La présidente du Rassemblement national (ex-FN), Marine Le Pen, a tweeté pour sa part : « A ceux qui se demandent comment boucler leur budget dans trois jours, Emmanuel Macron répond : “Rendez-vous dans trois mois…” (…) La confusion totale du discours présidentiel et le vide absolu en termes de solutions sont saisissants… » Son compagnon et membre du bureau exécutif du RN, Louis Aliot, dénonce « un discours de technocrate ».
C’est la même « technocratie » que visent le vice-président des Républicains (LR) Damien Abad et le député LR Eric Ciotti. Pour la porte-parole du parti Laurence Sailliet, « ce discours nous apprend qu’Emmanuel Macron n’est pas sorti dans la rue et n’a pas allumé sa télévision depuis que les ‘gilets jaunes' expriment leur souffrance. C’est désespérant… »
Le chef de file des députés LR Christian Jacob estime que le président n’entend pas le « ras-le-bol que les Français expriment » et « cherche à gagner du temps en nous inventant des mesures de concertation ».
« Discours à côté de la plaque : aucun plan de transition écologique à la hauteur des enjeux ! Macron recycle des mesures insignifiantes et n’apporte aucune réponse à la détresse des Français », affirme, de son côté, le président de Debout la France (DLF), Nicolas Dupont-Aignan, qui multiplie les interventions depuis le début du mouvement, gilet jaune sur le dos.
Le premier secrétaire du Parti socialiste, Olivier Faure, regrette sur BFMTV que M. Macron « ait tout concentré sur une partie du sujet seulement. Ça n’est pas simplement la question des carburants, mais le problème du pouvoir d’achat.

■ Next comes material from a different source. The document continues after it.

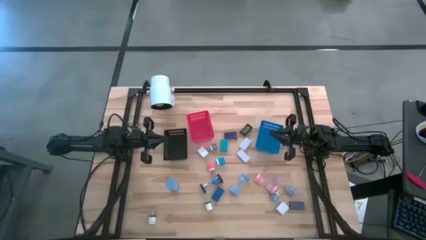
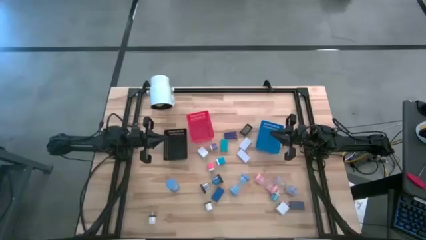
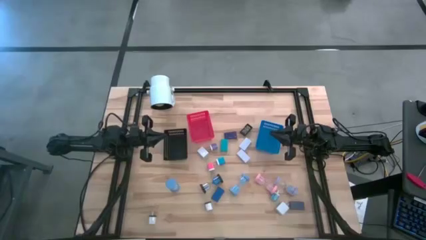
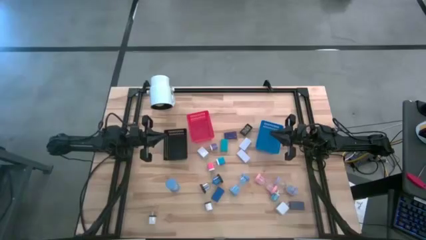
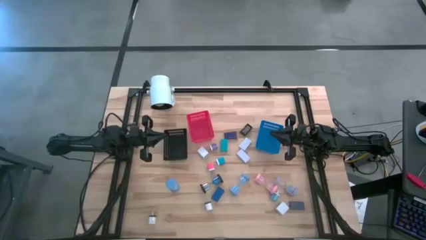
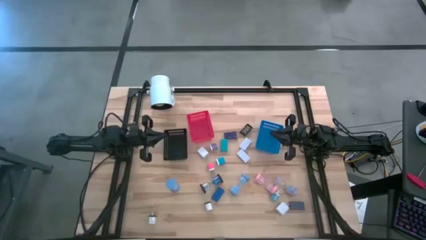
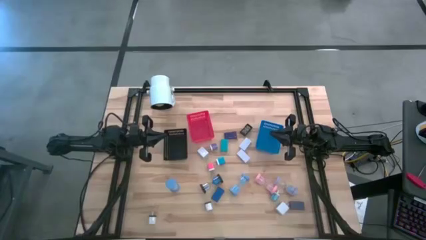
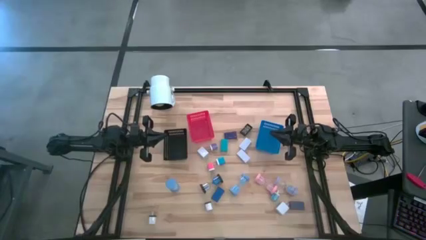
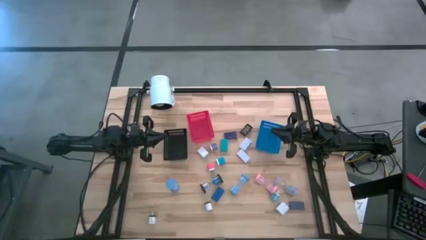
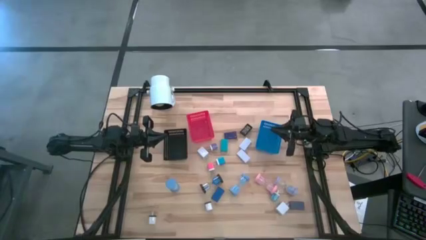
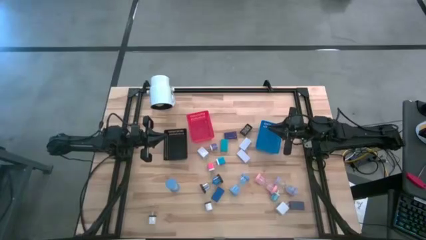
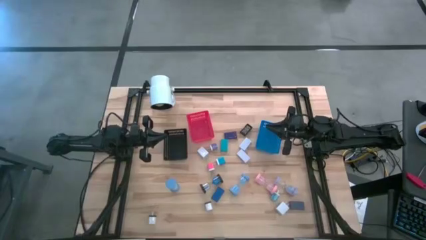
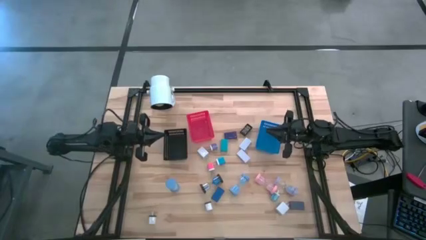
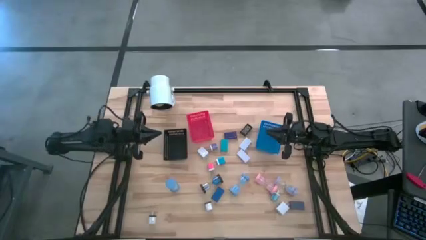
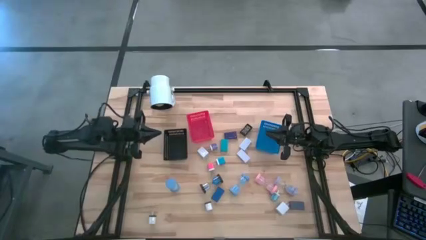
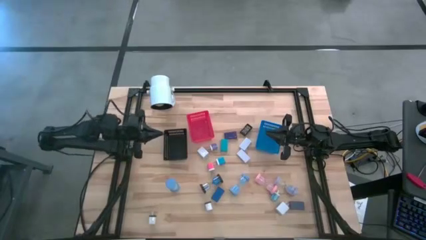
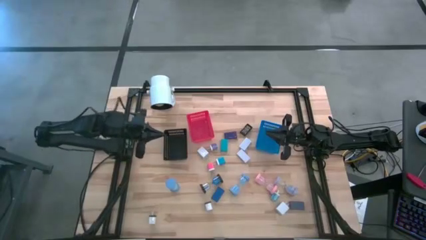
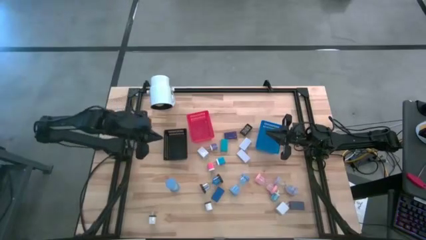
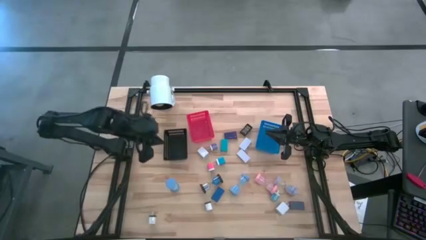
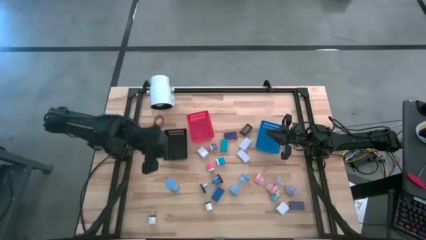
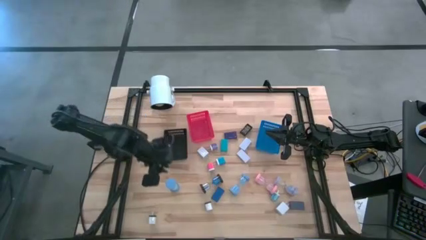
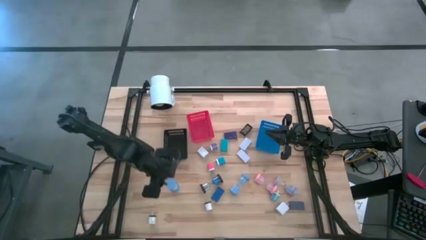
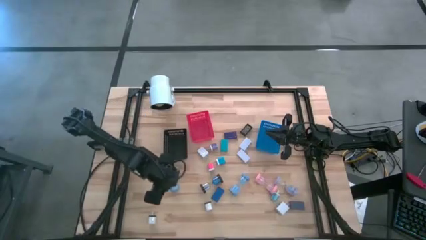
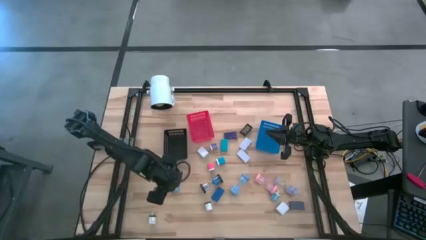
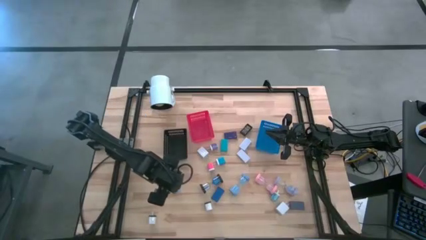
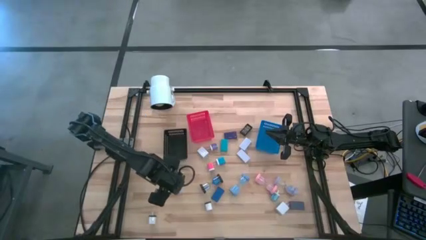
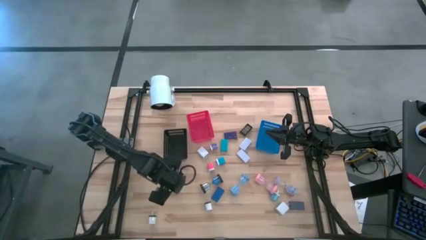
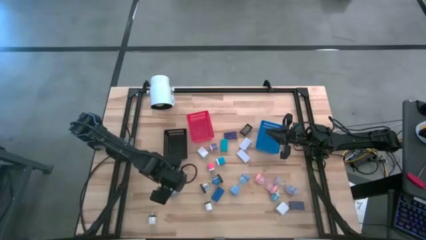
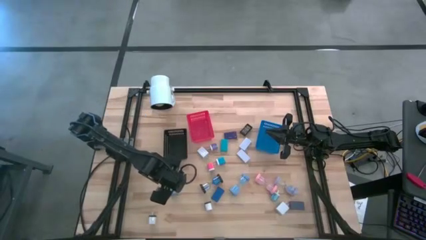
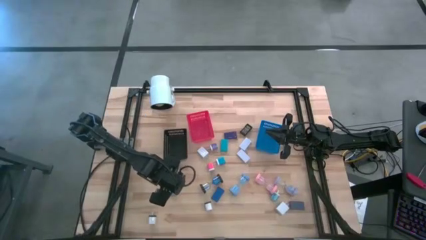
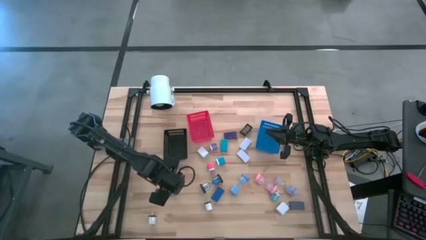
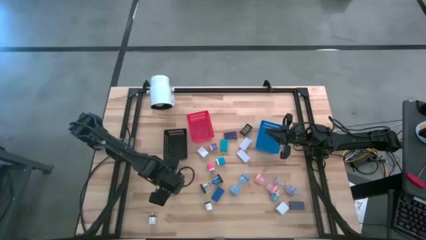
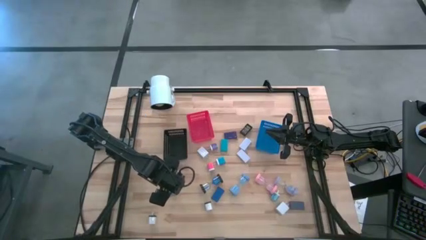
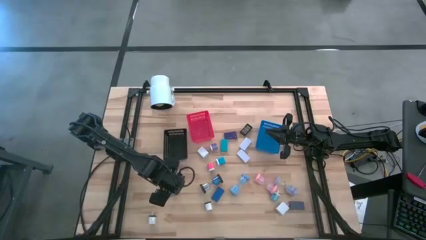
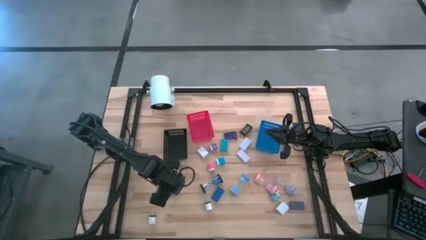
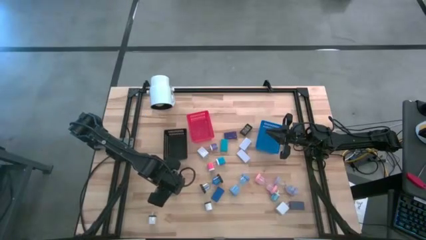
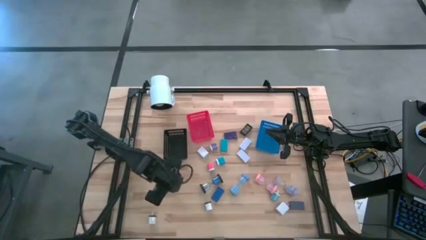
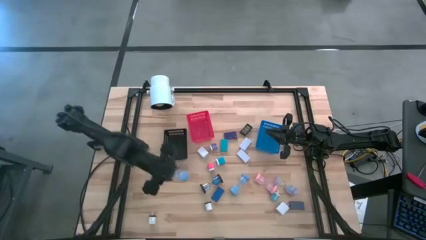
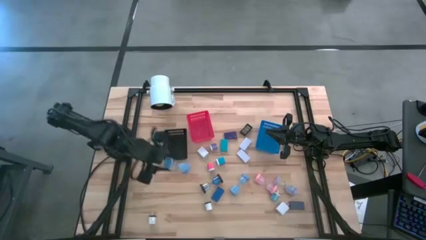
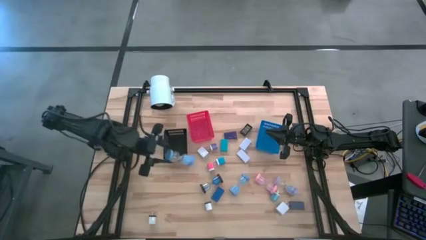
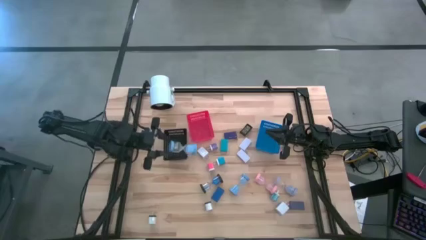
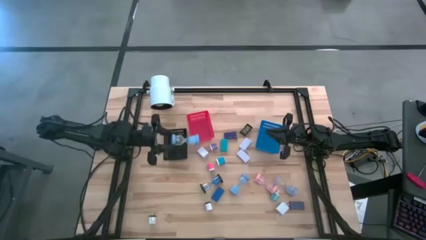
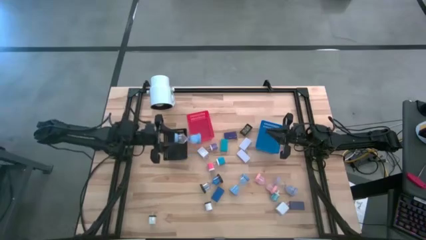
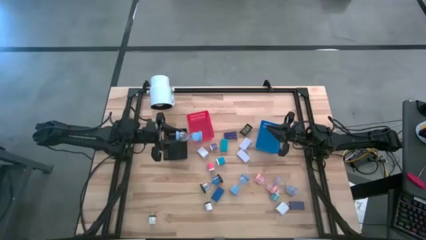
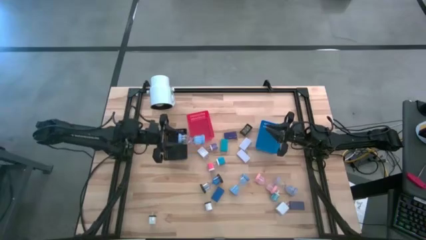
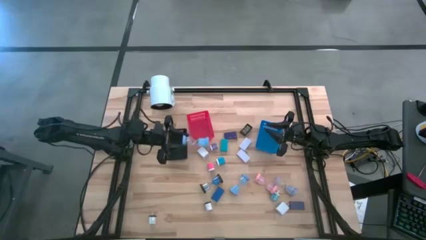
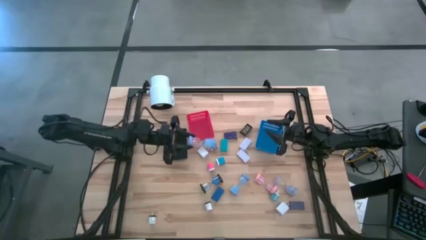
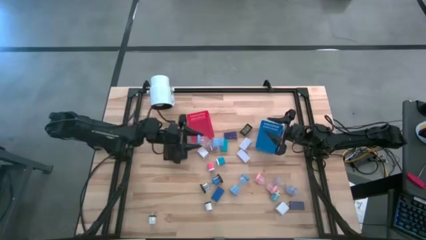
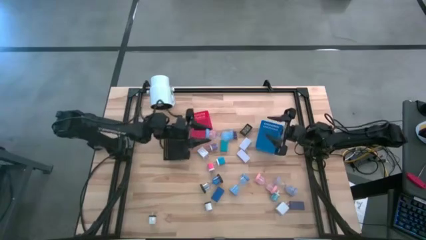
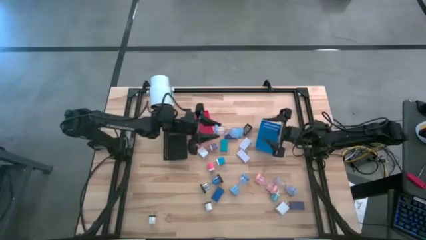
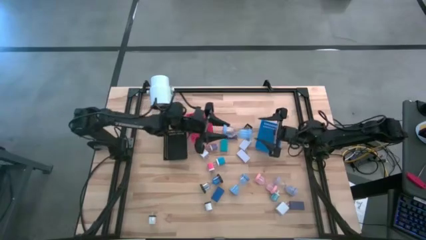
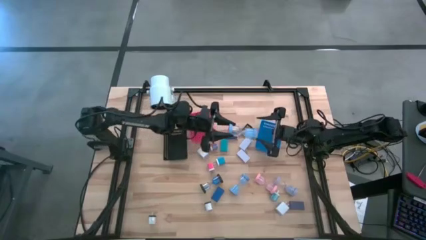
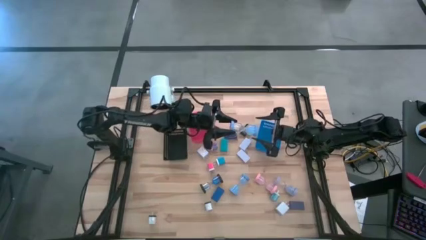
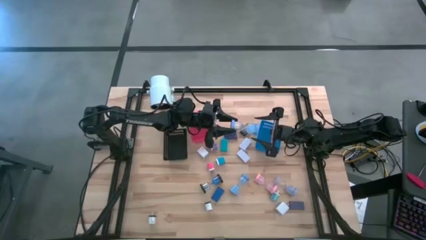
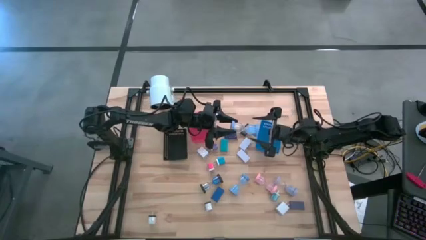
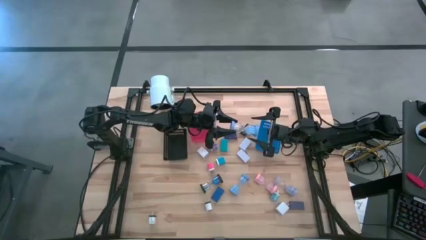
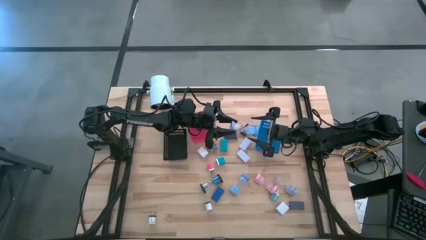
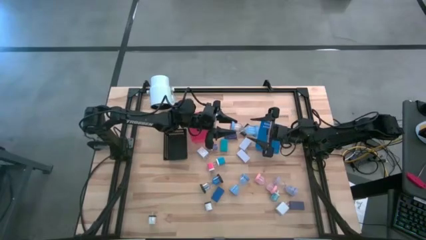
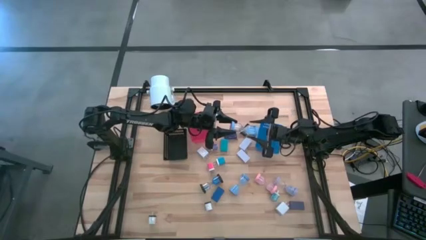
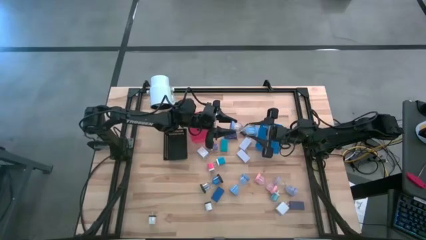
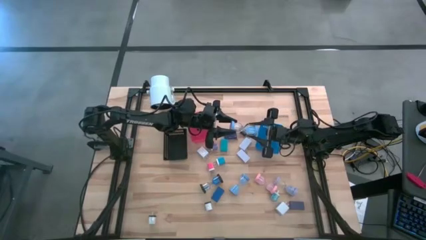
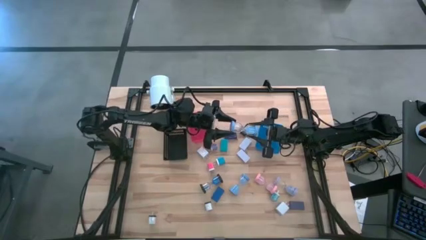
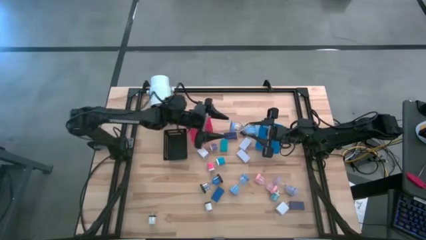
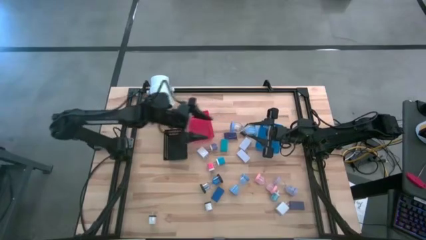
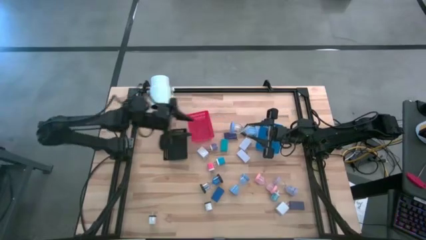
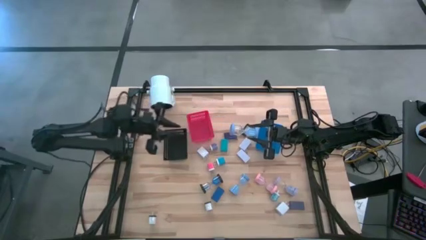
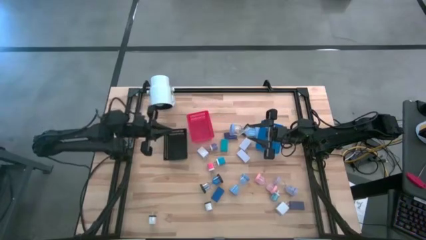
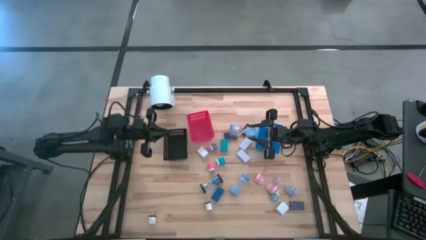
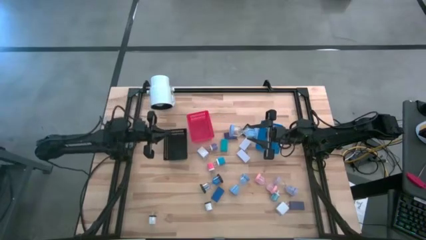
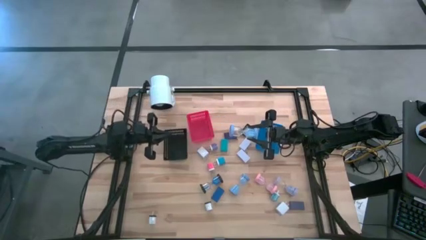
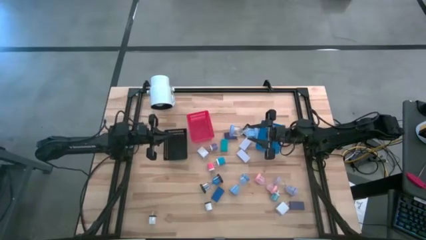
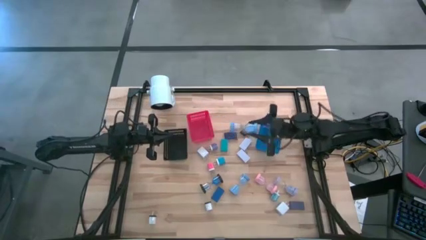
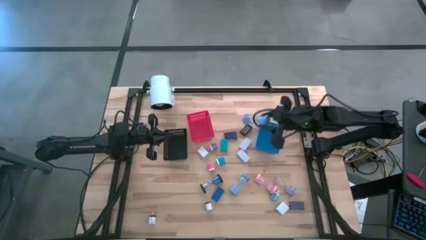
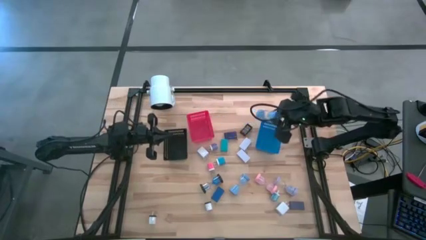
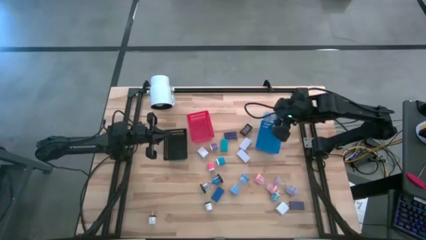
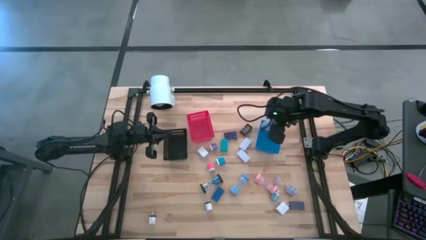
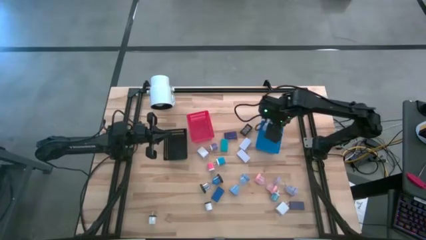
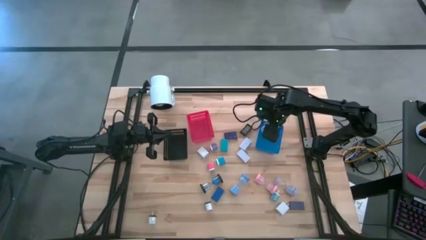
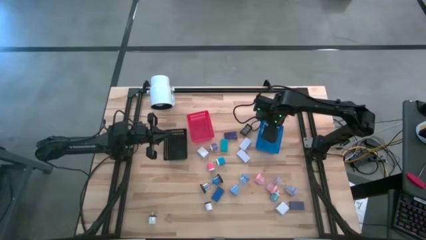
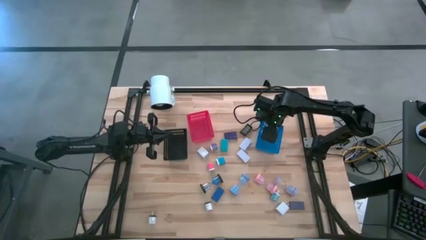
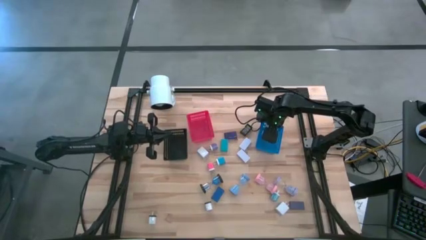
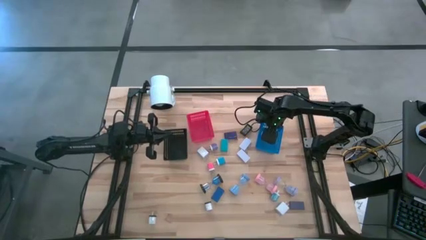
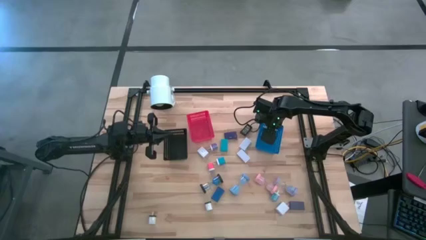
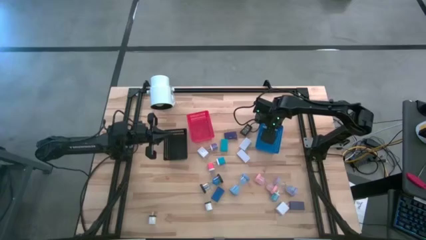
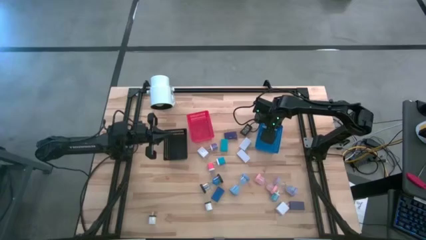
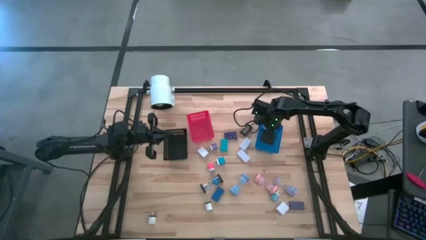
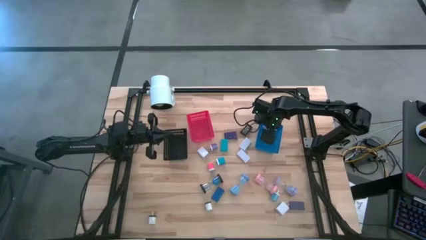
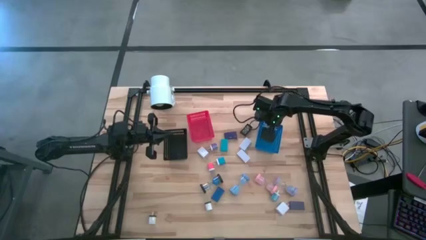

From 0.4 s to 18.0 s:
Task: Pick & Place Office items
Put the left blue hourglass into the blue bin

Or, sur ce point-là, le président reste muet, absolument muet ».
Le chef de file du PCF aux élections européennes, Ian Brossat, juge qu’« il semble qu’il y ait un mot tabou dans notre pays : le mot ‘salaires’… Assez fou qu’on puisse disserter sur le pouvoir d’achat sans en dire un mot. »
Julien Bayou, porte-parole d’Europe Ecologie-Les Verts, pointe une « inaction coupable », avec « 48 000 morts par an dus à la pollution, mais, plutôt que d’agir aujourd’hui, Macron va relancer trois mois de concertation, un Haut Conseil… Dix ans après le Grenelle de l’environnement, cinq ans après la conférence environnementale ».
Corinne Lepage, ex-ministre de l’environnement, juge, elle, « bien décevant » un « « discours (…) sur le mix énergétique et qui sonne vieux monde avec les arguments éculés sur les bienfaits du nucléaire ».
Les centristes sont mitigés : « Je suis heureux d’entendre un discours du président qui ne stigmatise plus les manifestants, [mais] je crains qu’on ne réponde pas à toutes celles et tous ceux qu’on rencontre au coin d’un carrefour, d’un rond-point », a déclaré leur président, Hervé Morin.
Jean-Christophe Lagarde, président de l’Union des démocrates et indépendants (UDI), estime que, sur le prix des carburants, le chef de l’Etat « essaye de faire un geste pour reculer sans en avoir l’air » avec une TIPP flottante.
Le patron des députés La République en marche (LRM), Gilles Le Gendre, a affirmé que son groupe était prêt à répondre « avec enthousiasme » à l’appel à une « grande concertation de terrain » autour du mouvement des « gilets jaunes ». Mais Emmanuel Macron en a déçu certains au sein de sa majorité. « J’aurais aimé des annonces, claires, supplémentaires pour aider les Français dans cette transition énergétique. […] Il y a une certaine déception aujourd’hui », a souligné sur BFMTV le député LRM Matthieu Orphelin.